▶ WHAT YOU SHOULD DO
Write out the entire listing below exactly as it appears, minus any pictures.

▶ EXTRACTED DATA

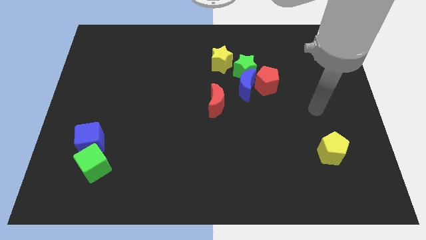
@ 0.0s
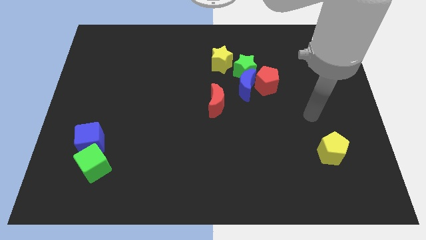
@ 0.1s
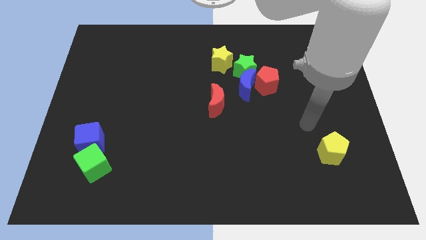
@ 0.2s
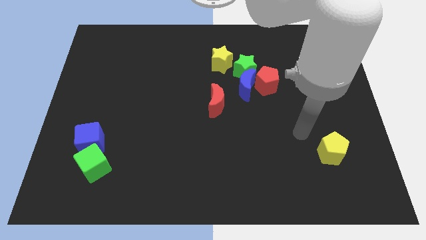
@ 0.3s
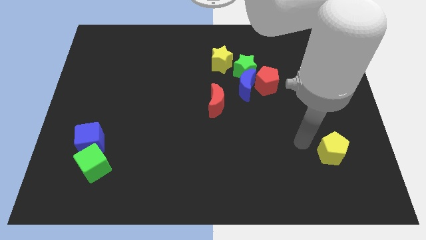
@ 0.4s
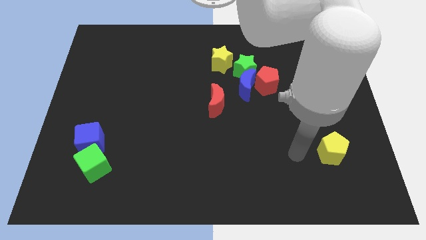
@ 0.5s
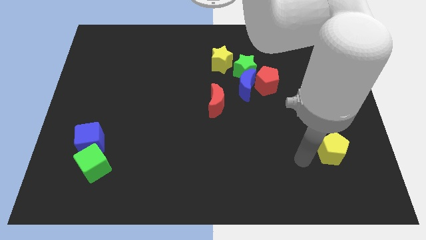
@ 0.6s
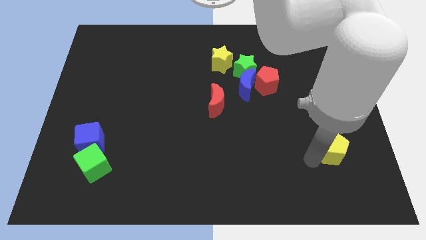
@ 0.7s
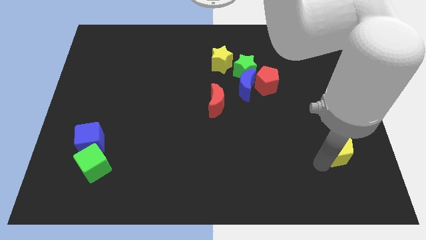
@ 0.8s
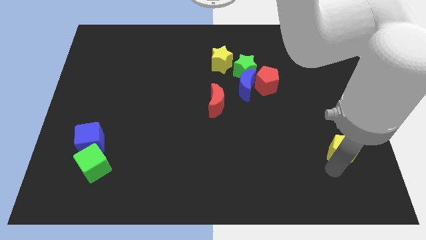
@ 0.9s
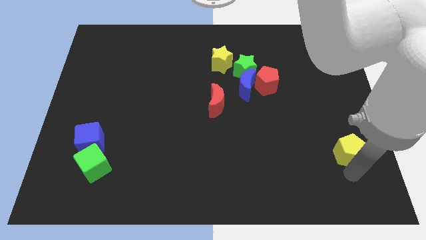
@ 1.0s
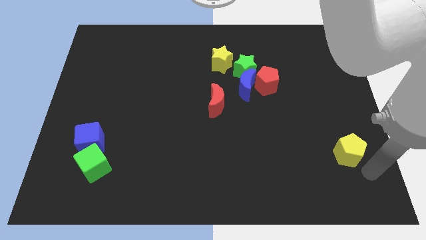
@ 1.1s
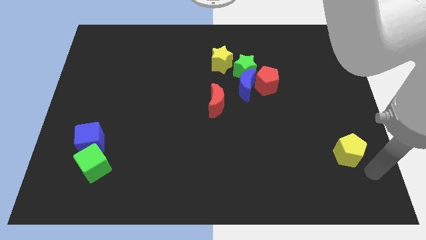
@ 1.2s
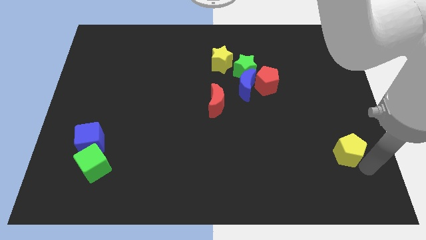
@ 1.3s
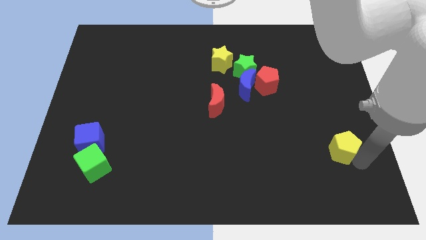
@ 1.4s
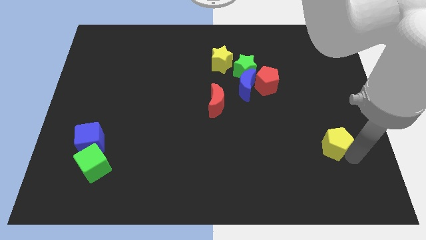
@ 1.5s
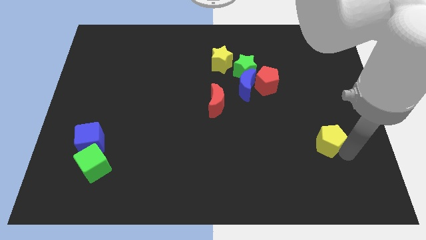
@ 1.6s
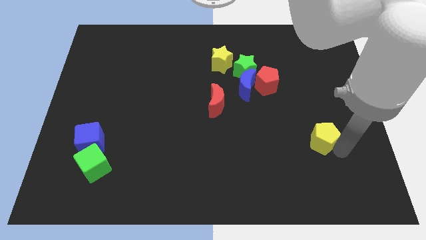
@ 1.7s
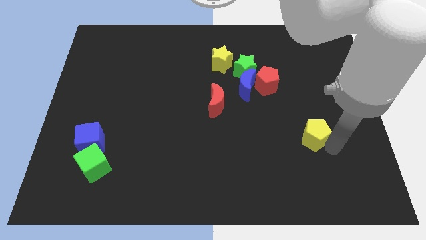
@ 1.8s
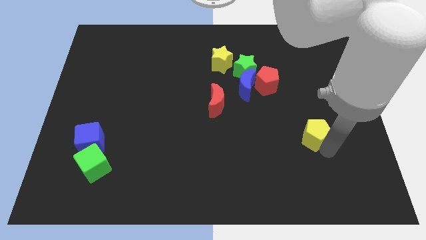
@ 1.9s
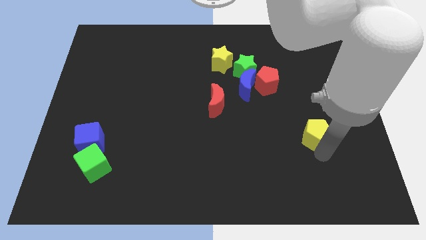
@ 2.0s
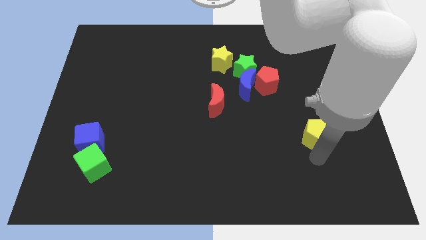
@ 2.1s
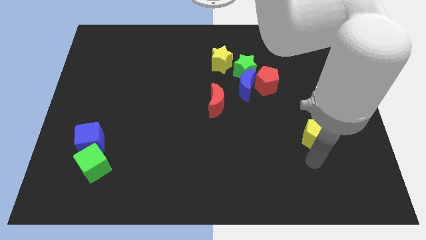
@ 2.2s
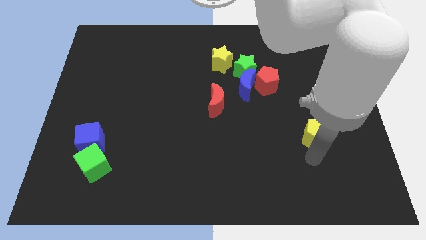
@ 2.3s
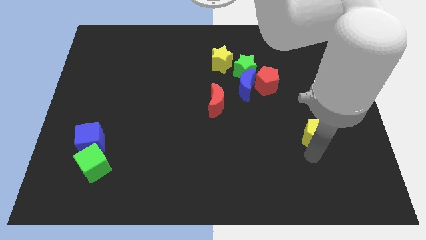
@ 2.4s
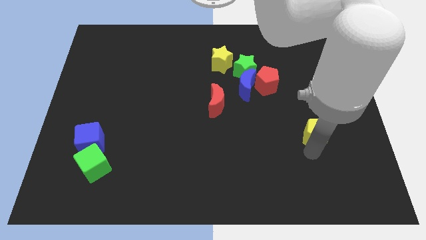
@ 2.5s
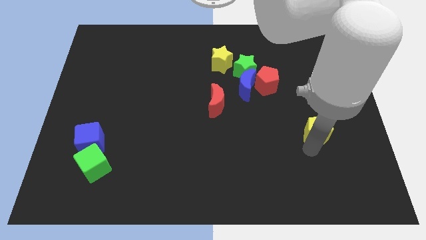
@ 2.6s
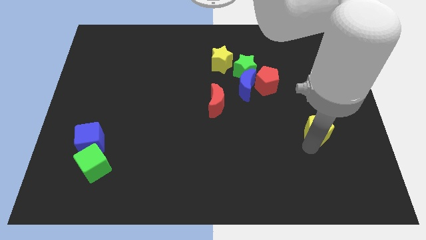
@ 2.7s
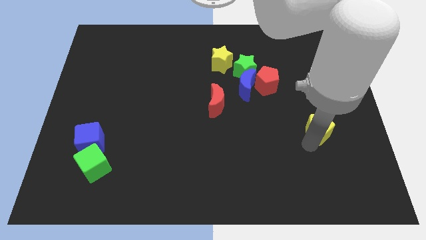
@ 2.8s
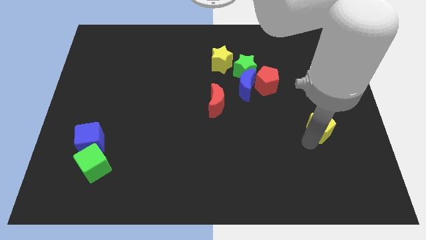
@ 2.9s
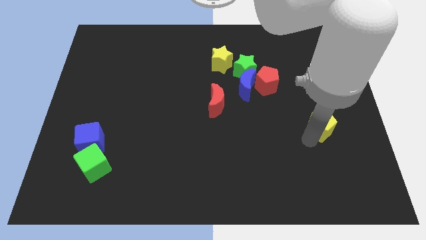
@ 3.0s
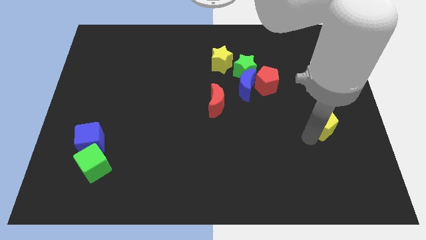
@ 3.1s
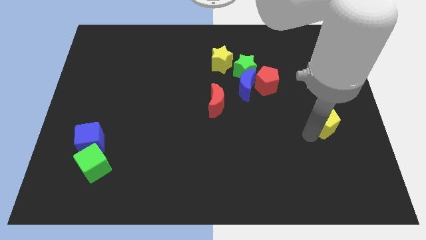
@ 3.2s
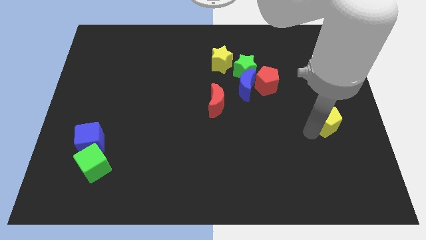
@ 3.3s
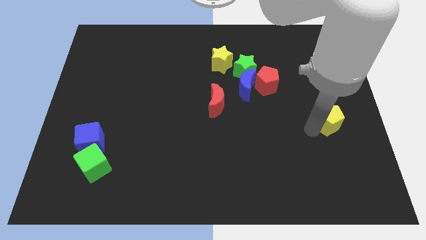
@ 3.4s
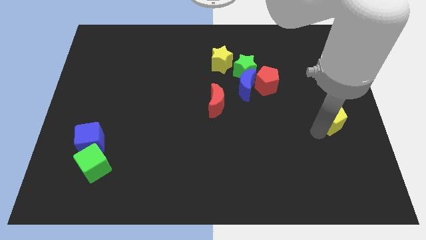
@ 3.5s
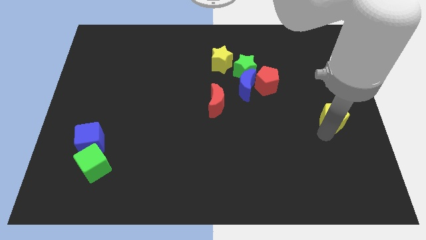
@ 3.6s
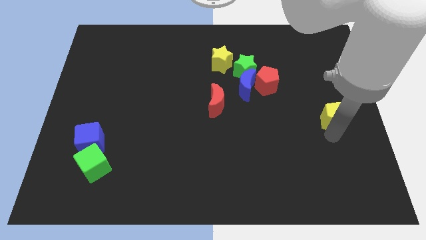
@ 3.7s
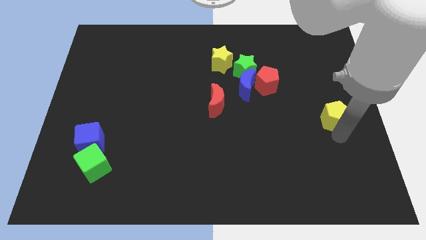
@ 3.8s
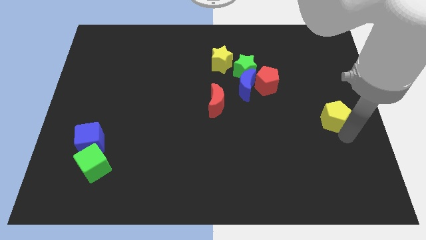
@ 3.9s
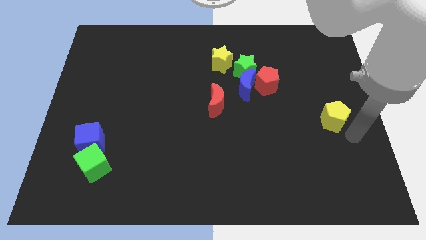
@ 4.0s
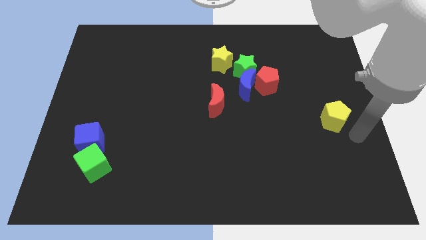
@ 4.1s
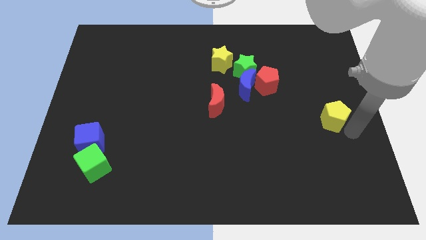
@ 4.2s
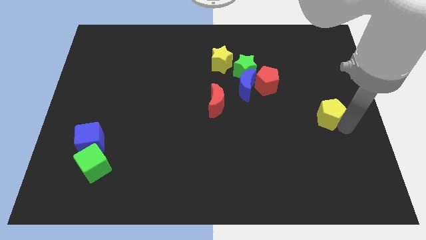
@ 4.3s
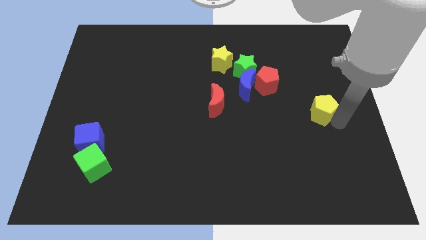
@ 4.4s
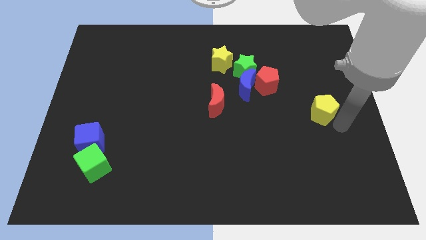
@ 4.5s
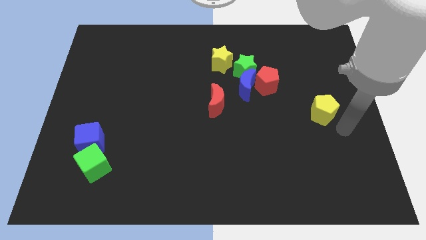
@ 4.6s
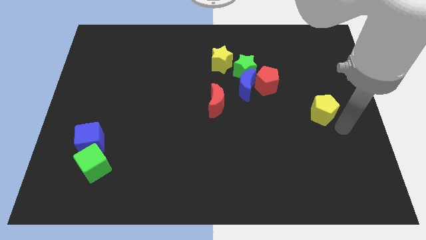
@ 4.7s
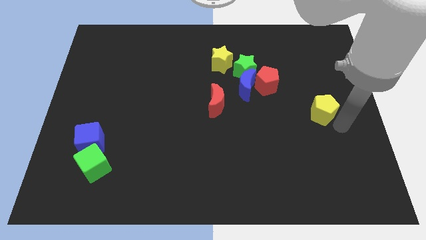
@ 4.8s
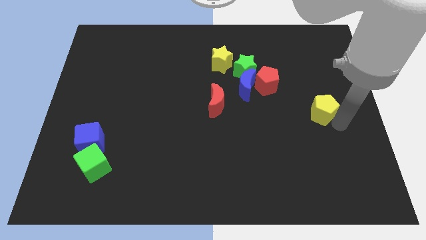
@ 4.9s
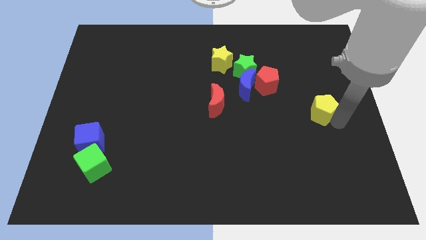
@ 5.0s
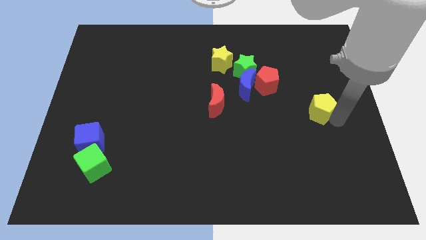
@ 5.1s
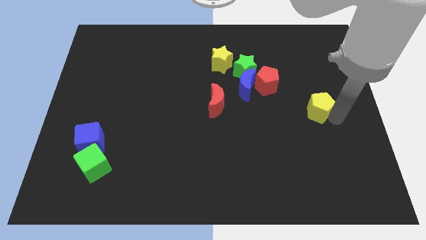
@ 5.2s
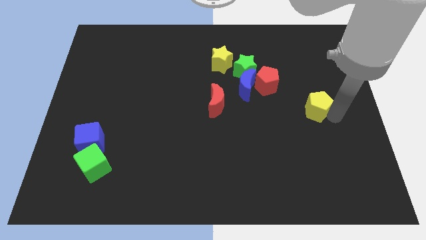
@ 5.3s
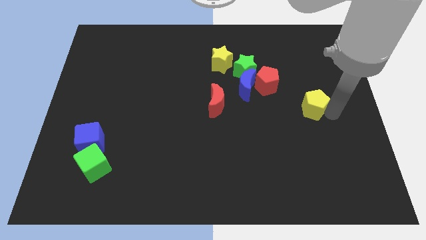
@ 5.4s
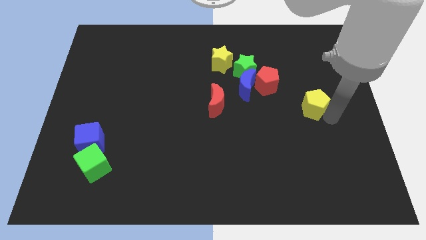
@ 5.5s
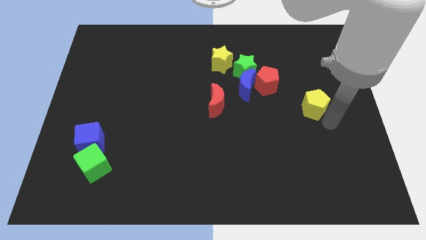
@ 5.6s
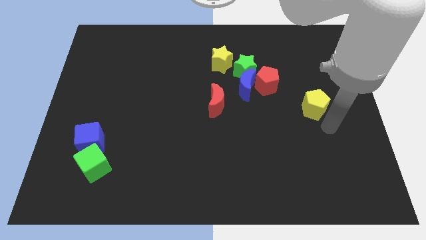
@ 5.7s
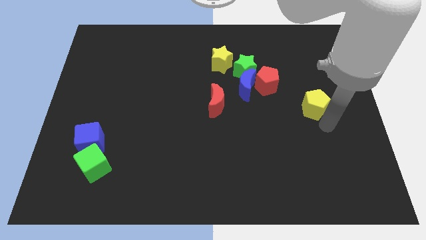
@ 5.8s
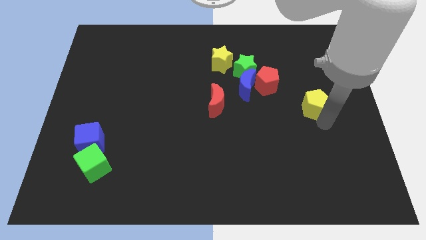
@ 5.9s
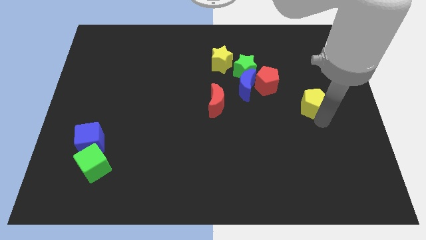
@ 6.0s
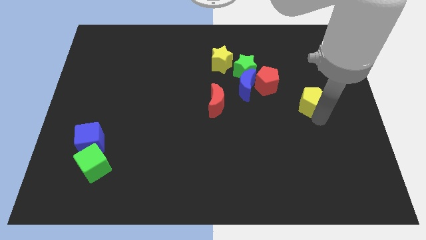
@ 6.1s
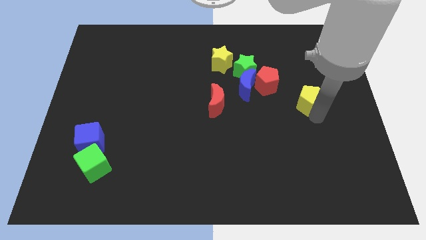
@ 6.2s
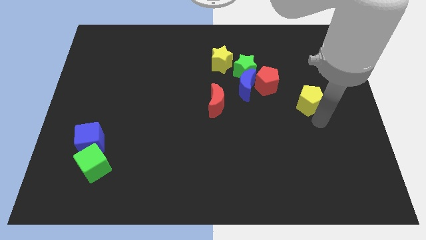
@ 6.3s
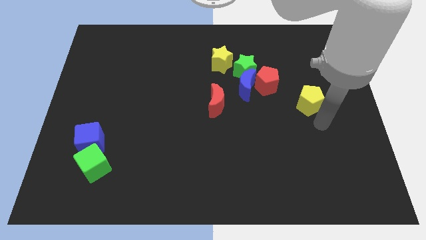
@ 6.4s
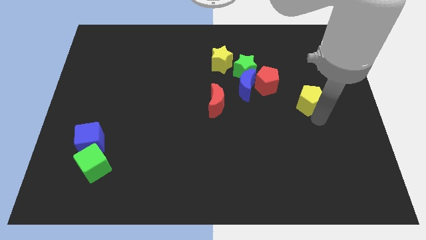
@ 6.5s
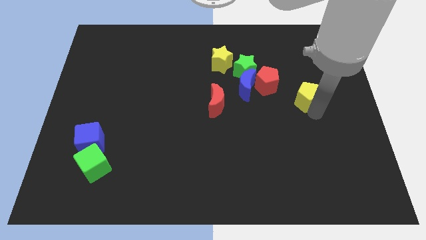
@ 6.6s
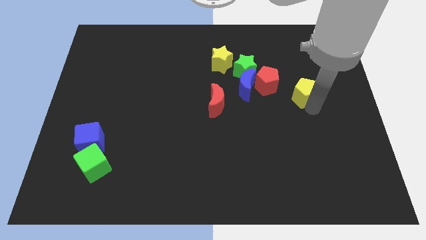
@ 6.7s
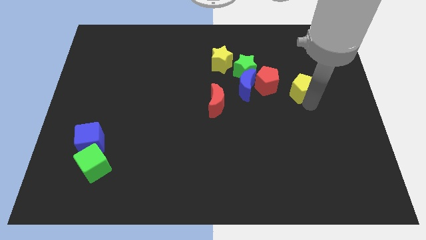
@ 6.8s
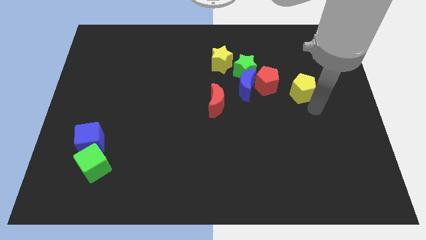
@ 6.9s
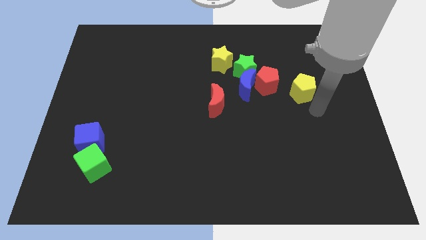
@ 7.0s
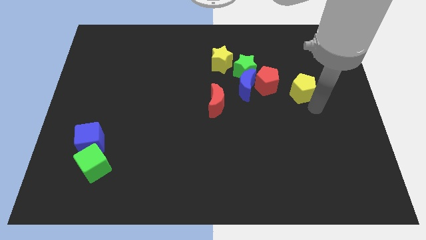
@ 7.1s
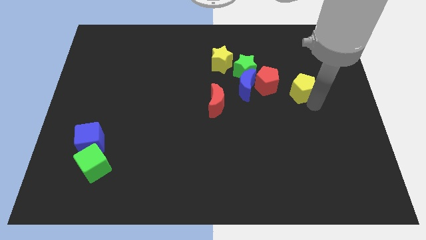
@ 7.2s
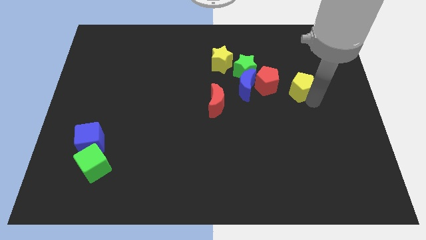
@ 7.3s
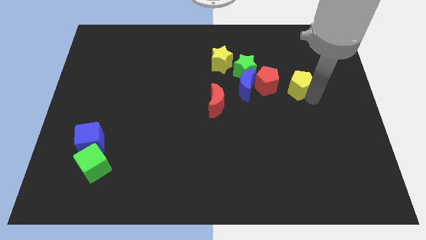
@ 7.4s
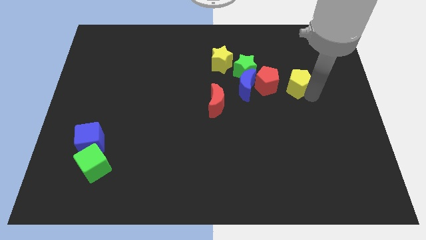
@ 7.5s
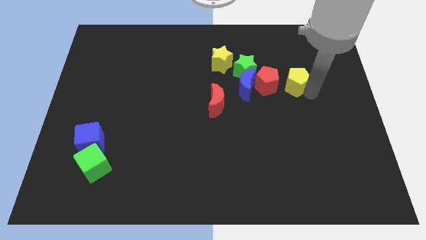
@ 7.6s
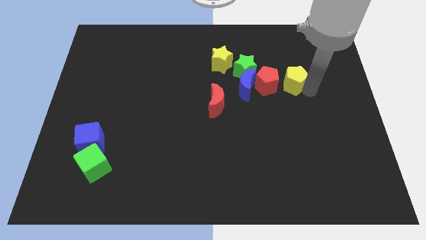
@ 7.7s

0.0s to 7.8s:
slide the yellow pentagon to the top right of the red pentagon

▶ SOLUTION FOR THIS PROBLEM
@ 0.0s
@ 0.1s
@ 0.2s
@ 0.3s
@ 0.4s
@ 0.5s
@ 0.6s
@ 0.7s
@ 0.8s
@ 0.9s
@ 1.0s
@ 1.1s
@ 1.2s
@ 1.3s
@ 1.4s
@ 1.5s
@ 1.6s
@ 1.7s
@ 1.8s
@ 1.9s
@ 2.0s
@ 2.1s
@ 2.2s
@ 2.3s
@ 2.4s
@ 2.5s
@ 2.6s
@ 2.7s
@ 2.8s
@ 2.9s
@ 3.0s
@ 3.1s
@ 3.2s
@ 3.3s
@ 3.4s
@ 3.5s
@ 3.6s
@ 3.7s
@ 3.8s
@ 3.9s
@ 4.0s
@ 4.1s
@ 4.2s
@ 4.3s
@ 4.4s
@ 4.5s
@ 4.6s
@ 4.7s
@ 4.8s
@ 4.9s
@ 5.0s
@ 5.1s
@ 5.2s
@ 5.3s
@ 5.4s
@ 5.5s
@ 5.6s
@ 5.7s
@ 5.8s
@ 5.9s
@ 6.0s
@ 6.1s
@ 6.2s
@ 6.3s
@ 6.4s
@ 6.5s
@ 6.6s
@ 6.7s
@ 6.8s
@ 6.9s
@ 7.0s
@ 7.1s
@ 7.2s
@ 7.3s
@ 7.4s
@ 7.5s
@ 7.6s
@ 7.7s

0.0s to 7.8s:
slide the yellow pentagon to the top right of the red pentagon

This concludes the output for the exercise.